For those conflicts that do not require a full-blown legal battle, there are extremely effective alternatives: Mediation, collaborative law and, in some cases, arbitration.

Mediation: A process where the parties take their dispute to a trained individual (mediator) who does not make the decision for them (as in a judge or jury), but helps the individuals discuss their issues and their interests and, in doing so, reach their own conclusions about how to resolve the dispute. This can be done either before a lawsuit is filed or, if the lawsuit has already been filed, in order to reach a settlement so that the lawsuit does not have to proceed to trial. Mediation is non-binding, unless the agreement reached in mediation is made a final order of the court.

Collaborative Law: Currently, “collaborative law” is used in family law cases but is being expanded to other civil disputes. The parties choose attorneys who are trained in the principles of collaboration and negotiation to resolve conflicts. Through a series of meetings with their attorneys and “four-way” meetings, the parties discuss, negotiate and decide all of the terms of their own agreement. In a true “collaborative law” case, the parties and attorneys sign an agreement wherein they make certain commitments to each other. For example, they fully agree to negotiate in good faith, to disclose all information to the other party, and to not commence a lawsuit while the negotiation process is pending. In addition, they agree that if they decide to discontinue the collaborative law process, they give the other party notice of their desire to discontinue. Each party then must fire their attorneys and hire new litigation counsel to proceed with trial. The last provision is often difficult for the parties to understand, but the reason for it is very simple: During conflict and periods of high stress, it is tempting to “throw in the towel” if you reach a deadlock with the other party. The next thing the client knows, they’re in the middle of a full-blown lawsuit because tempers have flared and the parties have instructed their attorneys to “take it to the courts.” The collaborative process strives to get the parties past those deadlocks without losing patience. Thus, when the attorneys are prevented from filing the lawsuit, everyone involved is more motivated to continue to negotiate, even when it’s extremely difficult and exhausting to do so.

Arbitration: A process that occurs after a lawsuit is filed where the parties take their dispute to a trained professional who acts as a judge.

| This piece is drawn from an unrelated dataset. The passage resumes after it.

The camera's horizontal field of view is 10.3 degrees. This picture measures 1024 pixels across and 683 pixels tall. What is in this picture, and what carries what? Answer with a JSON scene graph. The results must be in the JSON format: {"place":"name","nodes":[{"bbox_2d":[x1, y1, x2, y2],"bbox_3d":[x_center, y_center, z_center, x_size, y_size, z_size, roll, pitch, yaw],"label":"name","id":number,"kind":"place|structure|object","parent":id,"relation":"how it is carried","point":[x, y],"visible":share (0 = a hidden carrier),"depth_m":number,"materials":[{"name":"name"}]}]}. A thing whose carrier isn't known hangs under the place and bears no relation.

Arbitration proceeds much like a trial and is often just as costly, but because the parties do not have to wait for a judge to become available, arbitration is often faster in resolving disputes than the courts. In addition, decisions are made by an individual or panel of individuals who are often very experienced in the types of facts and areas of law presented by the case. Decisions from arbitration are binding on the parties and will become an order of the court.

Family Law and Alternative Dispute Resolution/Collaborative Law
Many family law cases do not require and are not even appropriate for litigation. Through collaboration and/or mediation, couples terminating their relationship are better able to maintain control over their case, negotiate their own terms, develop separation agreements and parenting plans that meet their children’s and their own needs, and finally resolve their disputes with the least amount of time and expense possible. More importantly, there is often much less anger and hostility when the parents are working together toward a peaceful termination of their relationship, which results in children who are mentally healthier and more easily adjusted to their new family situation.

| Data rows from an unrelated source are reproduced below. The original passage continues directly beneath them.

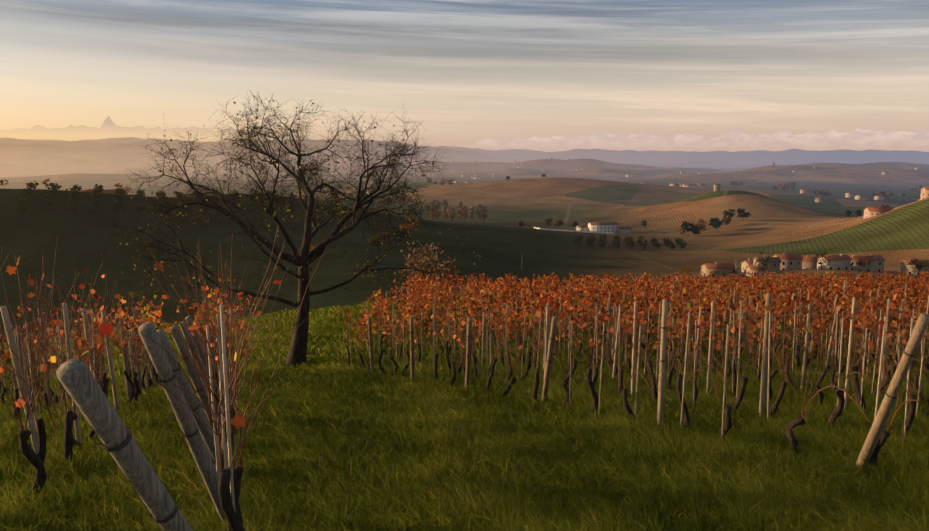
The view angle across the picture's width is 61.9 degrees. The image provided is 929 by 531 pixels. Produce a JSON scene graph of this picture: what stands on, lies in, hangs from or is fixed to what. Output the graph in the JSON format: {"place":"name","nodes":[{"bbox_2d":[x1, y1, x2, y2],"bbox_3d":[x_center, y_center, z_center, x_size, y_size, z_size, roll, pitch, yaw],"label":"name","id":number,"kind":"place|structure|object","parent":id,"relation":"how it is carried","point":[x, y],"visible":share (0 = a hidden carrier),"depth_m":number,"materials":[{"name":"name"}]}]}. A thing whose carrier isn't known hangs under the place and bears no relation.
{"place":"outdoors","nodes":[
{"label":"outdoors","id":0,"kind":"place"},
{"bbox_2d":[0,137,928,530],"bbox_3d":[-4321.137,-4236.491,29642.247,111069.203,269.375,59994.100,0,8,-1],"label":"hills","id":1,"kind":"structure","parent":0,"point":[600,187],"depth_m":570.08,"materials":[{"name":"green plant"}]},
{"bbox_2d":[56,316,228,530],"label":"wooden posts","id":2,"kind":"object","parent":1,"relation":"on","point":[78,381],"visible":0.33,"depth_m":3.64,"materials":[{"name":"grey wood"}]},
{"bbox_2d":[94,90,482,367],"bbox_3d":[-5.683,-1.042,26.148,12.833,10.072,9.711,0,8,-1],"label":"tree","id":3,"kind":"object","parent":1,"relation":"on","point":[297,352],"depth_m":26.14,"materials":[{"name":"brown plant"}]},
{"bbox_2d":[0,274,928,530],"bbox_3d":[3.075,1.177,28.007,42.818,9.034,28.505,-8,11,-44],"label":"vineyard stakes","id":4,"kind":"object","parent":1,"relation":"on","point":[20,381],"visible":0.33,"depth_m":13.66,"materials":[{"name":"brown wood"}]},
{"bbox_2d":[0,311,928,525],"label":"trellis wires","id":5,"kind":"object","parent":4,"relation":"attached to","point":[124,444],"visible":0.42,"depth_m":9.48,"materials":[{"name":"grey metal"}]},
{"bbox_2d":[0,295,928,530],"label":"grass","id":6,"kind":"structure","parent":1,"relation":"on","point":[435,427],"depth_m":9.09,"materials":[{"name":"green plant"}]},
{"bbox_2d":[0,225,928,471],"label":"vine shoots","id":7,"kind":"object","parent":1,"relation":"on","point":[232,375],"visible":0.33,"depth_m":10.31,"materials":[{"name":"orange plant"}]},
{"bbox_2d":[0,284,928,468],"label":"wooden posts","id":8,"kind":"object","parent":1,"relation":"on","point":[894,387],"visible":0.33,"depth_m":13.90,"materials":[{"name":"brown wood"}]},
{"bbox_2d":[0,174,928,301],"bbox_3d":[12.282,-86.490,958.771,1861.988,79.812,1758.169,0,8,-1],"label":"trees","id":9,"kind":"object","parent":1,"relation":"on","point":[693,229],"materials":[{"name":"green plant"}]},
{"bbox_2d":[0,257,928,530],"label":"vine","id":10,"kind":"object","parent":1,"relation":"on","point":[239,419],"depth_m":22.26,"materials":[{"name":"orange plant"}]},
{"bbox_2d":[34,142,928,276],"bbox_3d":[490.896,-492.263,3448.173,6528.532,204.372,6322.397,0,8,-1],"label":"houses","id":11,"kind":"structure","parent":1,"relation":"on","point":[872,266],"depth_m":356.11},
{"bbox_2d":[34,140,928,269],"bbox_3d":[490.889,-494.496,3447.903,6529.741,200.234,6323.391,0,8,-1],"label":"buildings","id":12,"kind":"structure","parent":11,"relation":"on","point":[777,259],"depth_m":350.29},
{"bbox_2d":[395,173,928,275],"bbox_3d":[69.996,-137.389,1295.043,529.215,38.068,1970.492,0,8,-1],"label":"house windows","id":13,"kind":"structure","parent":11,"relation":"in","point":[879,270],"depth_m":339.01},
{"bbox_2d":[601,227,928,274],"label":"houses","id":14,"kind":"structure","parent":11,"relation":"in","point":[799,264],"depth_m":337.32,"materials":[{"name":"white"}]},
{"bbox_2d":[0,0,928,151],"label":"sky","id":15,"kind":"structure","parent":0,"point":[469,72],"materials":[{"name":"grey"}]},
{"bbox_2d":[70,116,928,139],"bbox_3d":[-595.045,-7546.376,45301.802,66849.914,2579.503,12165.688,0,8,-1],"label":"mountains","id":16,"kind":"structure","parent":0,"point":[785,134],"depth_m":47648.43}
]}

In the context of family disputes, numerous studies have found that it is the conflict between separating or divorcing parents that causes psychological and/or emotional problems for children, not the fact of divorce or separation itself. It is very true that the disruption of a family unit through divorce or separation is extremely difficult for children; however, it is Ms. O’Keefe’s firm belief that the children do not have to suffer to such a great extent if their parents keep their focus on the best interests of the children. Children are extremely astute and perceptive. Even if the parents do not fight in front of them, children can feel the underlying rage and anxiety between their parents. Children tend to develop their own thoughts and opinions about what is happening around them and, often, blame themselves for the conflict. This can be avoided in the context of mediation and collaboration. Ms. O’Keefe always encourages her clients to consider these options, and if they choose to do so, will help her clients achieve as many of their goals as possible, but at the same time keep the needs of the children at the forefront.

Couples in the collaborative law context can also bring in other experts to help them obtain information and resolve their disputes. For example, many couples use the services of an accountant to help them sort through their financial matters. Others, if there are emotional or psychological problems involved in the case, involve a mental health professional to assist them with drafting a parenting plan that is the most helpful for the children.

It is quite common for couples that have divorced or separated through mediation or collaborative law to feel that the process was respectful to their needs and to each other. They also typically agree they are better able to work through difficulties with each other and their children as problems arise in the future – which they inevitably will.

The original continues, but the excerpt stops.